Stress, ansia, ansia generalizzata, cattivo umore, terrore, rabbia, impotenza, insonnia, fino a sfociare in attacchi di panico, disagio mentale estremo, disturbo da stress post-traumatico (PTSD), ridotte capacità di autonomia e controllo dei sentimenti di impotenza, fatalismo e paura, depressione, aumento del rischio suicidario e del consumo di sostanze. Si riscontra inoltre, un ulteriore deterioramento in coloro che hanno una storia di malattia mentale. A raccontarcelo è questo recente studio.
Come possiamo affrontarla
Può succedere che le preoccupazioni diventino eccessivamente invalidanti. L’eco ansia non va banalizzata, ma al contrario, dobbiamo validarla ed accogliere il nostro sentire, mettendo in pratica comportamenti pro-attivi che possano farci sentire utili alle cause che vorremmo portare avanti. Se partiamo dal presupposto che questo tipo di ansia è innescata da una minaccia reale, essa può essere intesa come un fenomeno fisiologico che ha pertanto una valenza evoluzionistica e protettiva che non deve essere curata bensì favorita.
Secondo gli esperti di eco-psicologia il modo migliore per combattere l’eco-ansia è il ricongiungimento con la natura. Dal semplice prendersi cura di piante e orto, alle attività outdoor, fino al Forest Bathing.
Altre azioni che possiamo mettere in atto:
- Non facciamoci carico di situazioni che non abbiamo creato e che non abbiamo il potere di cambiare. Colpevolizzarci eccessivamente non aiuterà noi e nemmeno la causa;
- Distogliamo il pensiero dalle notizie catastrofiche e concentrati su ciò che di bello la natura può offrire. ProteggI, celebra e racconta la bellezza del mondo, così non ti dimentichi per cosa stai lottando;
- Condividiamo le nostre preoccupazioni con altre persone. Comunicare il cambiamento climatico e coinvolgere tutti nella risposta a questa crisi, significa avere ancora fiducia nella nostra capacità di reagire;
- Promuovi condotte pro-ambientali attraverso la partecipazione in attività ecologiche autonome o promosse da associazioni. L’impegno nella divulgazione di informazioni atta ad aumentare la consapevolezza collettiva, può aiutare a trovare persone con cui condividere le preoccupazioni climatiche. Più gruppi, associazioni, movimenti: è così che persone ordinarie diventano forti e possono influenzare governi e aziende;
- Chiedi azioni politiche. è necessario che venga messa in atto una strategia globale comune e unita per affrontare le cause principali del surriscaldamento globale. Scrivi mail, firma petizioni, condividi, scendi in strada;
- Concentrati sul presente e gestisci il tuo sentire con tecniche di respirazione, meditazione, yoga ma anche freewriting (scrittura libera) e journaling.
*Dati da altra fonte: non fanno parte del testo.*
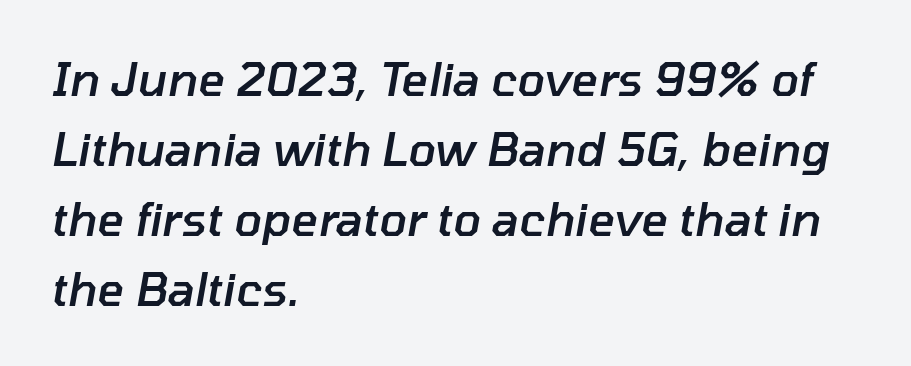
Q: Is the text bold? A: Semi-bold.
Q: Is the text italic (slanted)? A: Yes, it leans right by about 10 degrees.
Q: Is the text underlined? A: No.
Q: How is the paragraph aligned? A: Left-aligned.
Q: Is the spacing between letters normal or unusually wide? A: Normal.
Q: Is the spacing between lines tight, normal or loose? A: Normal.
Q: Width (condensed, normal, or wide)? A: Normal.
Q: Stroke contrast? A: Low.
Q: x-height? A: Medium.
Q: Monospaced? A: No.
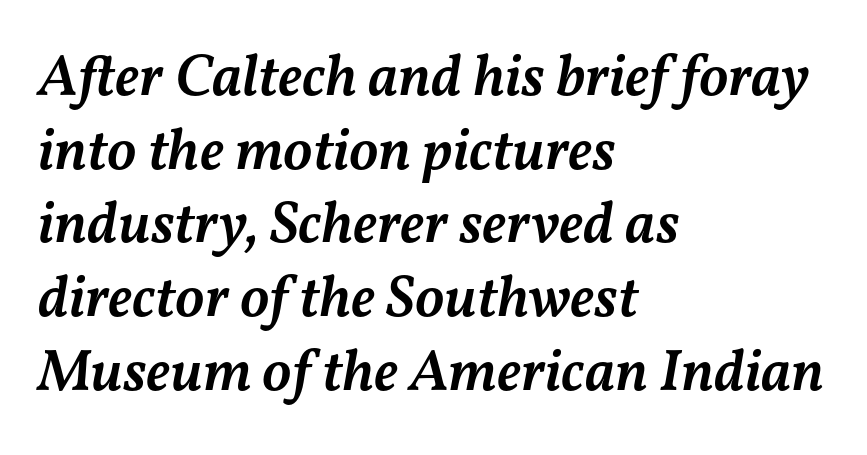
The image shows 59 px semibold type, italic (leaning right); set left-aligned, normal line spacing (1.25x), normal letter spacing, not underlined; medium stroke contrast and a medium x-height.
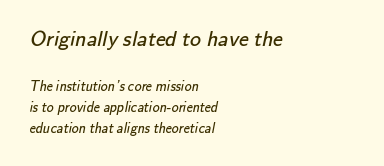
{"bold": "no", "underline": "no", "align": "left", "line_spacing": "normal", "line_spacing_ratio": 1.5, "letter_spacing": "normal", "letter_spacing_em": 0.0, "larger_block": "first", "size_ratio": 1.57, "glyph_px": 22}
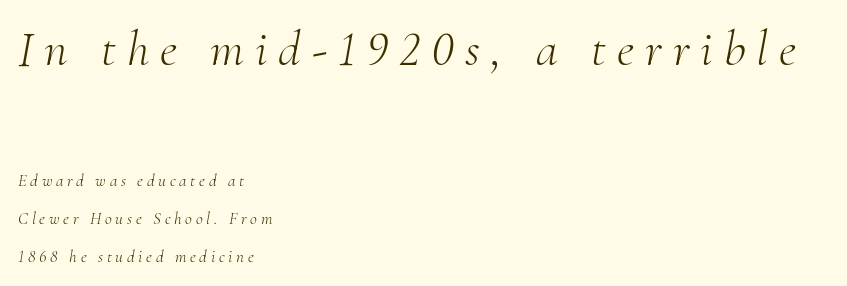
The image shows 50 px light serif type, italic (leaning right); set left-aligned, loose line spacing (2.24x), unusually wide letter spacing (+0.22 em), not underlined; the first (top) block is 2.94x larger; medium stroke contrast and a small x-height.
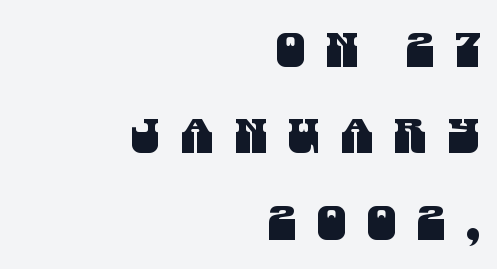
{"serif": "no", "width": "condensed", "stroke_contrast": "medium", "x_height": "large", "monospaced": "no", "underline": "no", "align": "right", "line_spacing_ratio": 1.84, "letter_spacing": "wide", "letter_spacing_em": 0.44, "glyph_px": 47}
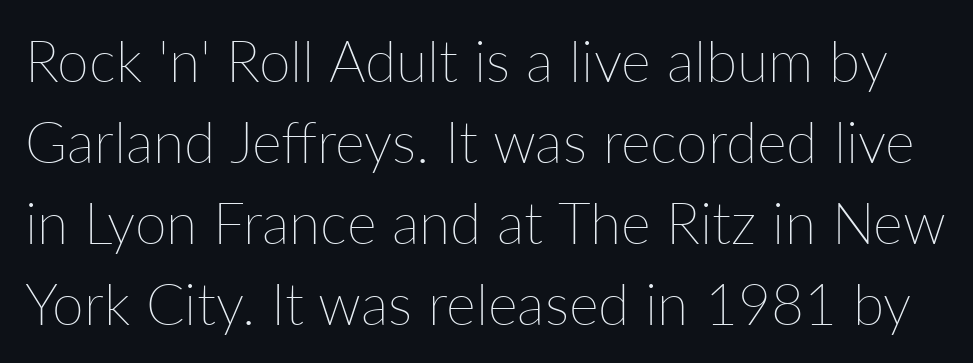
{"italic": "no", "bold": "no", "weight": "thin", "width": "normal", "stroke_contrast": "low", "x_height": "medium", "monospaced": "no", "underline": "no", "line_spacing": "normal", "line_spacing_ratio": 1.42, "letter_spacing": "normal", "letter_spacing_em": 0.0, "glyph_px": 57}

Non lasciamo che il catastrofismo rischi di diventare per molti l’ennesima scusa per non fare nulla e dire che è troppo tardi. Un atto concreto e rivoluzionario che tutti possiamo fare è diventare consapevoli di quanto potere abbiamo sia singolarmente, sia come umanità, nel disegnare il futuro. Ognuno può contribuire nel suo ambito e a livello individuale, cominciando a fare scelte più responsabili, e dandosi obiettivi raggiungibili. Gli unici ostacoli sono politici e immaginativi.